Based on the European Commission’s S2 sustainability indicator, on the other hand, public finances are sustainable indefinitely. This is because net wealth stabilises in the very long run. However, it stabilises at a negative level – in other words, the government sector has net debt.

Sustainable public finances depend on the population working ever longer and being ever healthier

The base scenario in this report is based on the assumption that, as average life expectancy increases, people work longer and longer (the retirement age increases) and the elderly are more and more healthy (their need for welfare services decreases).

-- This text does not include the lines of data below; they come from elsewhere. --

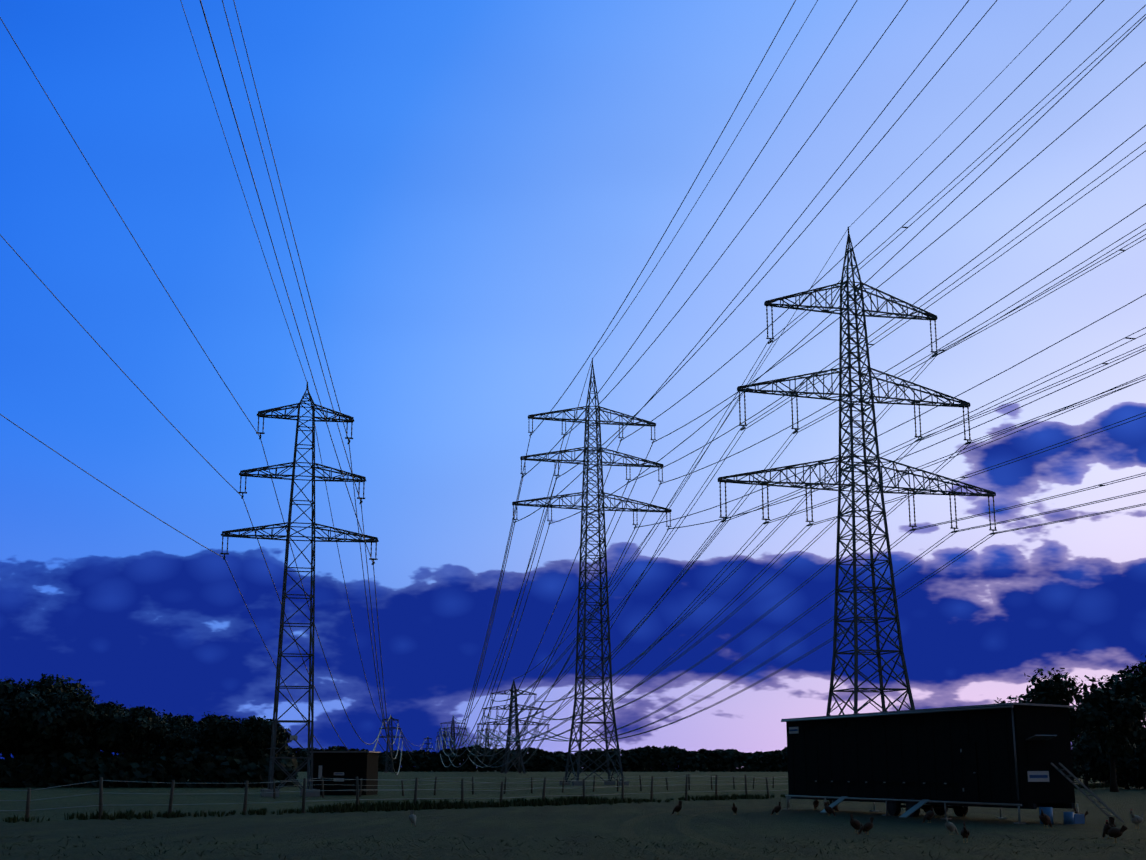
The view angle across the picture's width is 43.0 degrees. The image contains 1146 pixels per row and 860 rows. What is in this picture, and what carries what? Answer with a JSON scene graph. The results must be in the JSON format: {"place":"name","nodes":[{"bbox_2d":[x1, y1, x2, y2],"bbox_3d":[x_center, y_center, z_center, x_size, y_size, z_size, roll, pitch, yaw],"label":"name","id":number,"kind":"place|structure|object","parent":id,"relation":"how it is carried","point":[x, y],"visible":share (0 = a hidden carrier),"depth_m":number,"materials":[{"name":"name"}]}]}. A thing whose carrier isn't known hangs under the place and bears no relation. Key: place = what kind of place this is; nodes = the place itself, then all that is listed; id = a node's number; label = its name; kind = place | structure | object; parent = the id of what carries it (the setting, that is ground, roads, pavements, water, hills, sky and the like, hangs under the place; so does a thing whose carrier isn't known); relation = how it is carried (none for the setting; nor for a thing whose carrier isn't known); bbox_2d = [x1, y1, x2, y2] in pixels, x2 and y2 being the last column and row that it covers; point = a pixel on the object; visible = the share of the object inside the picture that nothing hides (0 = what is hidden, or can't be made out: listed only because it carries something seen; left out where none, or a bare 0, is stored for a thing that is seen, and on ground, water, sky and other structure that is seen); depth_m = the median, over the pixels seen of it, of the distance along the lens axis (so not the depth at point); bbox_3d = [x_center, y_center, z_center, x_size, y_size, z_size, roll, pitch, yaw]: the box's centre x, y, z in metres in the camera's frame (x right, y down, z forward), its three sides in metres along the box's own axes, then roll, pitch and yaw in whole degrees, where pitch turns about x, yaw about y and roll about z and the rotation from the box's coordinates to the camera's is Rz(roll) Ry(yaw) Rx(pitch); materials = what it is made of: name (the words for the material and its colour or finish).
{"place":"outdoors","nodes":[
{"label":"outdoors","id":0,"kind":"place"},
{"bbox_2d":[0,772,1099,821],"bbox_3d":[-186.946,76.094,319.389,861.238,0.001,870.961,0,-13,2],"label":"pasture field","id":1,"kind":"structure","parent":0,"point":[155,800],"depth_m":107.77,"materials":[{"name":"green plant"}]},
{"bbox_2d":[0,676,33,783],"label":"tree","id":2,"kind":"object","parent":1,"relation":"on","point":[6,684],"visible":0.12,"depth_m":151.27,"materials":[{"name":"green plant"}]},
{"bbox_2d":[0,692,34,757],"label":"tree","id":3,"kind":"object","parent":1,"relation":"on","point":[13,736],"visible":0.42,"depth_m":146.77,"materials":[{"name":"green plant"}]},
{"bbox_2d":[0,673,89,754],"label":"tree","id":4,"kind":"object","parent":1,"relation":"on","point":[47,685],"visible":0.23,"depth_m":151.03,"materials":[{"name":"green plant"}]},
{"bbox_2d":[7,687,100,784],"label":"tree","id":5,"kind":"object","parent":1,"relation":"on","point":[42,721],"visible":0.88,"depth_m":144.88,"materials":[{"name":"green plant"}]},
{"bbox_2d":[58,700,128,775],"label":"tree","id":6,"kind":"object","parent":1,"relation":"on","point":[108,713],"visible":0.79,"depth_m":144.89,"materials":[{"name":"green plant"}]},
{"bbox_2d":[95,703,128,755],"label":"tree","id":7,"kind":"object","parent":1,"relation":"on","point":[121,705],"depth_m":161.52,"materials":[{"name":"green plant"}]},
{"bbox_2d":[101,705,156,754],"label":"tree","id":8,"kind":"object","parent":1,"relation":"on","point":[133,709],"visible":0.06,"depth_m":152.46,"materials":[{"name":"green plant"}]},
{"bbox_2d":[96,706,170,776],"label":"tree","id":9,"kind":"object","parent":1,"relation":"on","point":[143,724],"visible":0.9,"depth_m":145.90,"materials":[{"name":"green plant"}]},
{"bbox_2d":[113,706,174,755],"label":"tree","id":10,"kind":"object","parent":1,"relation":"on","point":[166,715],"visible":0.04,"depth_m":160.78,"materials":[{"name":"green plant"}]},
{"bbox_2d":[0,746,299,787],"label":"bush belt","id":11,"kind":"object","parent":1,"relation":"on","point":[236,764],"visible":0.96,"depth_m":141.12,"materials":[{"name":"green plant"}]},
{"bbox_2d":[136,714,190,755],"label":"tree","id":12,"kind":"object","parent":1,"relation":"on","point":[178,723],"visible":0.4,"depth_m":150.83,"materials":[{"name":"green plant"}]},
{"bbox_2d":[160,714,194,747],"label":"tree","id":13,"kind":"object","parent":1,"relation":"on","point":[190,717],"visible":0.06,"depth_m":158.41,"materials":[{"name":"green plant"}]},
{"bbox_2d":[157,726,207,775],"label":"tree","id":14,"kind":"object","parent":1,"relation":"on","point":[186,739],"visible":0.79,"depth_m":145.37,"materials":[{"name":"green plant"}]},
{"bbox_2d":[180,720,209,749],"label":"tree","id":15,"kind":"object","parent":1,"relation":"on","point":[197,724],"visible":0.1,"depth_m":150.47,"materials":[{"name":"green plant"}]},
{"bbox_2d":[200,712,227,721],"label":"tree","id":16,"kind":"object","parent":1,"relation":"on","point":[206,717],"depth_m":158.98,"materials":[{"name":"green plant"}]},
{"bbox_2d":[196,714,254,753],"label":"tree","id":17,"kind":"object","parent":1,"relation":"on","point":[220,734],"visible":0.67,"depth_m":146.44,"materials":[{"name":"green plant"}]},
{"bbox_2d":[224,717,281,776],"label":"tree","id":18,"kind":"object","parent":1,"relation":"on","point":[241,721],"depth_m":149.91,"materials":[{"name":"green plant"}]},
{"bbox_2d":[232,715,291,779],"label":"tree","id":19,"kind":"object","parent":1,"relation":"on","point":[258,731],"visible":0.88,"depth_m":144.28,"materials":[{"name":"green plant"}]},
{"bbox_2d":[262,715,299,760],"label":"tree","id":20,"kind":"object","parent":1,"relation":"on","point":[288,751],"depth_m":159.54,"materials":[{"name":"green plant"}]},
{"bbox_2d":[310,751,380,794],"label":"field shed","id":21,"kind":"structure","parent":1,"relation":"on","point":[342,767],"depth_m":101.39,"materials":[{"name":"brown"}]},
{"bbox_2d":[273,774,1080,798],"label":"fence","id":22,"kind":"object","parent":1,"relation":"on","point":[435,783],"visible":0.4,"depth_m":106.37,"materials":[{"name":"brown wood"}]},
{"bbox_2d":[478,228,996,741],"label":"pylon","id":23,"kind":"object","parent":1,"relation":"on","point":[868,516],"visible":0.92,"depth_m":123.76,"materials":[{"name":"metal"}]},
{"bbox_2d":[721,0,1145,533],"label":"power lines","id":24,"kind":"object","parent":23,"relation":"attached to","point":[963,477],"visible":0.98,"depth_m":90.70,"materials":[{"name":"metal"}]},
{"bbox_2d":[994,694,1073,708],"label":"thin tree","id":25,"kind":"object","parent":1,"relation":"on","point":[1015,699],"visible":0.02,"depth_m":180.26,"materials":[{"name":"green plant"}]},
{"bbox_2d":[1020,667,1104,747],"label":"thin tree","id":26,"kind":"object","parent":1,"relation":"on","point":[1053,690],"visible":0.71,"depth_m":164.32,"materials":[{"name":"green plant"}]},
{"bbox_2d":[0,768,1145,859],"bbox_3d":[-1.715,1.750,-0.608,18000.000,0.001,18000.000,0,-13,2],"label":"field ground","id":27,"kind":"structure","parent":0,"point":[803,820],"depth_m":42.02,"materials":[{"name":"green plant"}]},
{"bbox_2d":[220,382,402,796],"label":"pylon","id":28,"kind":"object","parent":27,"relation":"on","point":[311,792],"visible":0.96,"depth_m":101.48,"materials":[{"name":"metal"}]},
{"bbox_2d":[0,0,372,562],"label":"power lines","id":29,"kind":"object","parent":28,"relation":"attached to","point":[263,254],"visible":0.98,"depth_m":51.02,"materials":[{"name":"metal"}]},
{"bbox_2d":[378,716,432,772],"bbox_3d":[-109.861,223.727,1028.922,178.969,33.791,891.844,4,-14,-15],"label":"pylon","id":30,"kind":"object","parent":27,"relation":"on","point":[391,736],"visible":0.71,"depth_m":589.62,"materials":[{"name":"metal"}]},
{"bbox_2d":[409,810,416,825],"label":"hen","id":31,"kind":"object","parent":27,"relation":"on","point":[412,818],"visible":1,"depth_m":47.35,"materials":[{"name":"white"}]},
{"bbox_2d":[423,737,433,751],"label":"pylon","id":32,"kind":"object","parent":27,"relation":"on","point":[428,738],"visible":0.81,"depth_m":1471.26,"materials":[{"name":"metal"}]},
{"bbox_2d":[435,727,449,750],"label":"pylon","id":33,"kind":"object","parent":27,"relation":"on","point":[443,736],"visible":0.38,"depth_m":1471.44,"materials":[{"name":"metal"}]},
{"bbox_2d":[435,716,466,750],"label":"pylon","id":34,"kind":"object","parent":27,"relation":"on","point":[453,727],"visible":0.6,"depth_m":884.62,"materials":[{"name":"metal"}]},
{"bbox_2d":[473,725,500,747],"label":"pylon","id":35,"kind":"object","parent":27,"relation":"on","point":[494,738],"visible":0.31,"depth_m":1127.36,"materials":[{"name":"metal"}]},
{"bbox_2d":[473,679,549,773],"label":"pylon","id":36,"kind":"object","parent":27,"relation":"on","point":[516,731],"visible":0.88,"depth_m":501.60,"materials":[{"name":"metal"}]},
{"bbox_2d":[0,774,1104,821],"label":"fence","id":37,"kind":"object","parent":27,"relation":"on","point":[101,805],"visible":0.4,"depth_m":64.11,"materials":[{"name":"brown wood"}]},
{"bbox_2d":[438,359,671,785],"bbox_3d":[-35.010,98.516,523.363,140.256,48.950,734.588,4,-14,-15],"label":"pylon","id":38,"kind":"object","parent":27,"relation":"on","point":[586,451],"visible":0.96,"depth_m":167.24,"materials":[{"name":"metal"}]},
{"bbox_2d":[515,0,1145,528],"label":"power lines","id":39,"kind":"object","parent":38,"relation":"attached to","point":[817,282],"visible":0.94,"depth_m":73.05,"materials":[{"name":"metal"}]},
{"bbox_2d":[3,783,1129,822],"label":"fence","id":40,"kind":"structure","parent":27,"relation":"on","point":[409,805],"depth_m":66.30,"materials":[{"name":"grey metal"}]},
{"bbox_2d":[672,801,681,814],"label":"hen","id":41,"kind":"object","parent":27,"relation":"on","point":[677,808],"visible":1,"depth_m":58.98,"materials":[{"name":"red"}]},
{"bbox_2d":[288,745,1141,771],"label":"bush belt","id":42,"kind":"object","parent":27,"relation":"on","point":[667,757],"visible":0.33,"depth_m":750.54,"materials":[{"name":"green plant"}]},
{"bbox_2d":[732,803,736,814],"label":"hen","id":43,"kind":"object","parent":27,"relation":"on","point":[734,808],"visible":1,"depth_m":58.89,"materials":[{"name":"red"}]},
{"bbox_2d":[771,802,780,814],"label":"hen","id":44,"kind":"object","parent":27,"relation":"on","point":[777,808],"visible":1,"depth_m":58.83,"materials":[{"name":"red"}]},
{"bbox_2d":[813,800,818,809],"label":"hen","id":45,"kind":"object","parent":27,"relation":"on","point":[815,803],"visible":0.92,"depth_m":66.16,"materials":[{"name":"red"}]},
{"bbox_2d":[824,802,834,815],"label":"hen","id":46,"kind":"object","parent":27,"relation":"on","point":[829,809],"visible":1,"depth_m":57.18,"materials":[{"name":"red"}]},
{"bbox_2d":[850,814,865,832],"bbox_3d":[8.276,11.446,42.311,0.552,0.558,0.255,6,-14,-24],"label":"hen","id":47,"kind":"object","parent":27,"relation":"on","point":[856,824],"visible":0.94,"depth_m":42.20,"materials":[{"name":"red"}]},
{"bbox_2d":[858,817,873,834],"bbox_3d":[8.345,11.277,41.429,0.479,0.484,0.221,0,-13,-1],"label":"hen","id":48,"kind":"object","parent":27,"relation":"on","point":[867,826],"visible":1,"depth_m":41.37,"materials":[{"name":"red"}]},
{"bbox_2d":[923,806,933,822],"bbox_3d":[12.274,13.294,50.278,0.558,0.564,0.258,8,-15,-31],"label":"hen","id":49,"kind":"object","parent":27,"relation":"on","point":[928,815],"visible":1,"depth_m":50.21,"materials":[{"name":"red"}]},
{"bbox_2d":[945,817,957,834],"bbox_3d":[10.776,11.268,41.392,0.480,0.486,0.222,8,-15,-30],"label":"hen","id":50,"kind":"object","parent":27,"relation":"on","point":[950,826],"visible":1,"depth_m":41.29,"materials":[{"name":"white"}]},
{"bbox_2d":[781,702,1123,823],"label":"mobile chicken coop","id":51,"kind":"structure","parent":27,"relation":"on","point":[1005,755],"depth_m":54.71,"materials":[{"name":"grey"}]},
{"bbox_2d":[961,806,967,816],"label":"hen","id":52,"kind":"object","parent":27,"relation":"on","point":[964,810],"visible":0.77,"depth_m":56.27,"materials":[{"name":"red"}]},
{"bbox_2d":[961,823,969,837],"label":"hen","id":53,"kind":"object","parent":27,"relation":"on","point":[965,832],"visible":1,"depth_m":36.85,"materials":[{"name":"red"}]},
{"bbox_2d":[1039,809,1051,827],"bbox_3d":[14.919,12.250,45.859,0.593,0.600,0.274,11,-17,-39],"label":"hen","id":54,"kind":"object","parent":27,"relation":"on","point":[1045,819],"visible":0.98,"depth_m":45.72,"materials":[{"name":"red"}]},
{"bbox_2d":[1074,808,1088,817],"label":"hen","id":55,"kind":"object","parent":27,"relation":"on","point":[1085,814],"visible":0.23,"depth_m":50.14,"materials":[{"name":"red"}]},
{"bbox_2d":[1071,740,1109,788],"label":"tree","id":56,"kind":"object","parent":27,"relation":"on","point":[1080,753],"visible":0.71,"depth_m":128.95,"materials":[{"name":"green plant"}]},
{"bbox_2d":[1068,687,1145,791],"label":"tree","id":57,"kind":"object","parent":27,"relation":"on","point":[1099,707],"visible":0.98,"depth_m":114.84,"materials":[{"name":"green plant"}]},
{"bbox_2d":[1071,722,1145,788],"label":"tree","id":58,"kind":"object","parent":27,"relation":"on","point":[1128,763],"visible":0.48,"depth_m":128.83,"materials":[{"name":"green plant"}]},
{"bbox_2d":[1102,817,1115,838],"bbox_3d":[14.338,10.664,39.002,0.267,0.584,0.578,3,-13,-12],"label":"hen","id":59,"kind":"object","parent":27,"relation":"on","point":[1110,823],"visible":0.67,"depth_m":38.86,"materials":[{"name":"red"}]},
{"bbox_2d":[1075,654,1145,752],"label":"tree","id":60,"kind":"object","parent":27,"relation":"on","point":[1131,682],"visible":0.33,"depth_m":133.80,"materials":[{"name":"green plant"}]},
{"bbox_2d":[1105,820,1127,842],"bbox_3d":[13.757,10.170,36.850,0.584,0.552,0.251,-10,-17,38],"label":"hen","id":61,"kind":"object","parent":27,"relation":"on","point":[1115,832],"visible":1,"depth_m":36.78,"materials":[{"name":"red"}]},
{"bbox_2d":[1130,809,1143,827],"bbox_3d":[17.743,12.222,45.736,0.610,0.576,0.262,6,-14,-24],"label":"hen","id":62,"kind":"object","parent":27,"relation":"on","point":[1136,819],"visible":1,"depth_m":45.63,"materials":[{"name":"white"}]},
{"bbox_2d":[0,834,1145,859],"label":"grass tufts","id":63,"kind":"object","parent":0,"point":[656,858],"depth_m":33.87,"materials":[{"name":"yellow plant"}]},
{"bbox_2d":[0,0,1145,767],"label":"sky","id":64,"kind":"structure","parent":0,"point":[474,191],"materials":[{"name":"blue"}]},
{"bbox_2d":[619,806,780,859],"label":"tire tracks","id":65,"kind":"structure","parent":0,"point":[628,833],"depth_m":40.05,"materials":[{"name":"brown soil"}]}
]}

In an alternative scenario, both the retirement age and demand for health and social care among the elderly at a given age are the same as today. In this scenario, government spending increases more as a share of GDP, due to both a higher rate of growth in government consumption and a lower rate of growth in GDP when there is no increase in working life. In this scenario, the tax-to-GDP ratio needs to be raised by an average of 1 percentage point through to 2040 for public finances to be sustainable.

In another alternative scenario, personnel density in the provision of welfare services gradually decreases. This results in a smaller increase in the standard of welfare services than in the base scenario, with the result that government spending falls instead as a share of GDP. Relative to the base scenario, there is a strengthening of the government budget. The tax-to-GDP ratio could then be lowered by an average of 0.4 percentage points through to 2040 while keeping public finances sustainable.

Sustainability improved from last year's report

Compared with the assessment made in Fiscal Sustainability Report 2016, the long-term sustainability of Sweden’s public finances has improved considerably.

This is due partly to lower primary expenditure because of changes to the population forecast, but chiefly to lower direct spending on refugee reception. A better primary net lending leads in turn to a more favourable path for general government gross debt than in last year’s report. The difference in net lending therefore increases the further into the future the projections extend. This illustrates how short-term changes in public finances can have a major impact on long-term projections, underlining the need for caution when interpreting the results.